From the analysis above, we can conclude that while the conversion rate of the control group follows (or resembles) a normal distribution, the conversion rate of the test group does not. Hence, we will do our Hypothesis testing using the Mann-Whitney U test.

In [135]:
check_distribution(completion_rate_control, 'Completion Rate Control')
check_distribution(completion_rate_test, 'Completion Rate Test')
Normality test statistic: 29.016169409956795, p-value: 5.00286598880455e-07
Completion Rate Control does not follow a normal distribution.
Normality test statistic: 0.9718944813842352, p-value: 0.6151142594600424
Completion Rate Test follows a normal distribution.

Here, we have the opposite case, in which the completion rate of the control group does not follow a normal distribution, whereas it does for the test group. Here again, this suggests to use the Mann-Whitney U test.

In [136]:
from scipy.stats import mannwhitneyu
In [137]:
# prepare the data for hypothesis testing

control_data['conversion_rate'] = conversion_rate_control
test_data['conversion_rate'] = conversion_rate_test

control_data['completion_rate'] = completion_rate_control
test_data['completion_rate'] = completion_rate_test

# fill missing values with 0
control_data.fillna(0, inplace=True)
test_data.fillna(0, inplace=True)
In [138]:
# Function to perform statistical tests and return results

def perform_whitney_u_test(control_data, test_data, metric_name):
    control_metric = control_data[metric_name]
    test_metric = test_data[metric_name]

    mean_control = control_metric.mean()
    mean_test = test_metric.mean()
    
    stat, p_value = mannwhitneyu(control_metric, test_metric)
    
    print(f'Mann-Whitney U Test for {metric_name}:')
    print(f'U-statistic: {stat}, p-value: {p_value}')
    
    if p_value < 0.05:
        print(f'The difference in {metric_name} between control and test groups is statistically significant.')
    else:
        print(f'The difference in {metric_name} between control and test groups is not statistically significant.')

     # Plot distributions
    plt.figure(figsize=(10, 5))
    sns.kdeplot(control_metric, label='Control', fill=True, color='skyblue', alpha=0.5)
    sns.kdeplot(test_metric, label='Test', fill=True, color='salmon', alpha=0.5)

    plt.axvline(mean_control, color='blue', linestyle='--', linewidth=1, alpha=0.4)
    plt.axvline(mean_test, color='red', linestyle='--', linewidth=1, alpha=0.4)
    
    plt.title(f'Distribution of {metric_name} (Mann–Whitney U Test)', fontsize=14)
    plt.xlabel(metric_name)
    plt.ylabel('Density')
    plt.legend()
    
    plt.text(x=0.05, y=plt.ylim()[1]*0.9, s=f'p = {p_value:.4f}', fontsize=12, bbox=dict(boxstyle='round', facecolor='white', edgecolor='gray'))

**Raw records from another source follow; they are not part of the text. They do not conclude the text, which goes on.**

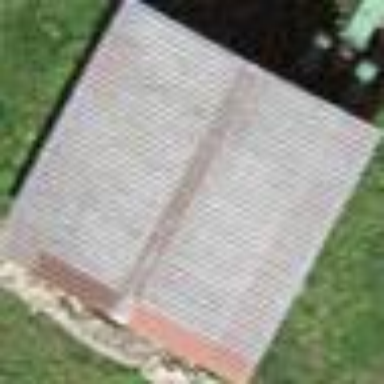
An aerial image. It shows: Farm auxiliary building.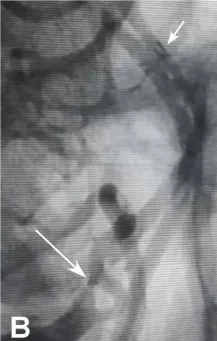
Collapse of the stent proximal end and management. (A,B) Withdrawal of the micro-guidewire and microcatheter led to collapse of the stent proximal end with the stent proximal markers in close contact, and the blood flow was reduced through the proximal end. The longer arrow indicates the proximal markers and the shorter arrow the distal markers.
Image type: radiology (ct)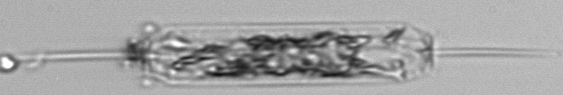
Label: Ditylum_brightwellii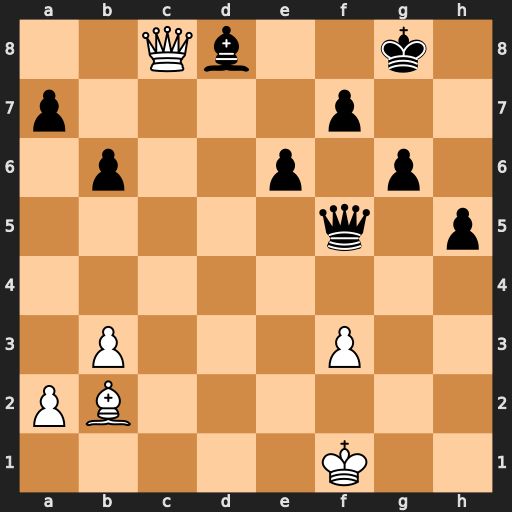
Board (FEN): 2Qb2k1/p4p2/1p2p1p1/5q1p/8/1P3P2/PB6/5K2
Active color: w
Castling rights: -
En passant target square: -
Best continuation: Qxd8+ Kh7 Qh8#

    plt.grid(True, linestyle='--', alpha=0.4)
    plt.tight_layout()
    plt.show()
In [139]:
# Perform Hypothesis testing for # of Purchases
perform_whitney_u_test(control_data, test_data, '# of Purchase')
Mann-Whitney U Test for # of Purchase:
U-statistic: 439.0, p-value: 0.8766246981054522
The difference in # of Purchase between control and test groups is not statistically significant.
In [140]:
# Perform Hypothesis testing for conversion rate
perform_whitney_u_test(control_data, test_data, 'conversion_rate')
Mann-Whitney U Test for conversion_rate:
U-statistic: 527.0, p-value: 0.25805149508623626
The difference in conversion_rate between control and test groups is not statistically significant.
In [141]:
# Perform Hypothesis testing for completion rate
perform_whitney_u_test(control_data, test_data, 'completion_rate')
Mann-Whitney U Test for completion_rate:
U-statistic: 185.0, p-value: 9.211268793716519e-05
The difference in completion_rate between control and test groups is statistically significant.

Results of the Hypothesis Testing¶

  • We were able to detect a significant difference between control and test group in only one of the investigated metrics: Completion Rate. In other words, the treatment significantly increased the completion rate, which means that customers in the treatment group went through with purchasing the items added to their cart more frequently than in the control group, which received no treatment.

  • There was no significant difference between control and treatment group in the conversion rate and the number of purchases. Hence, no effect of the treatment onto these metrics can be assumed at this point.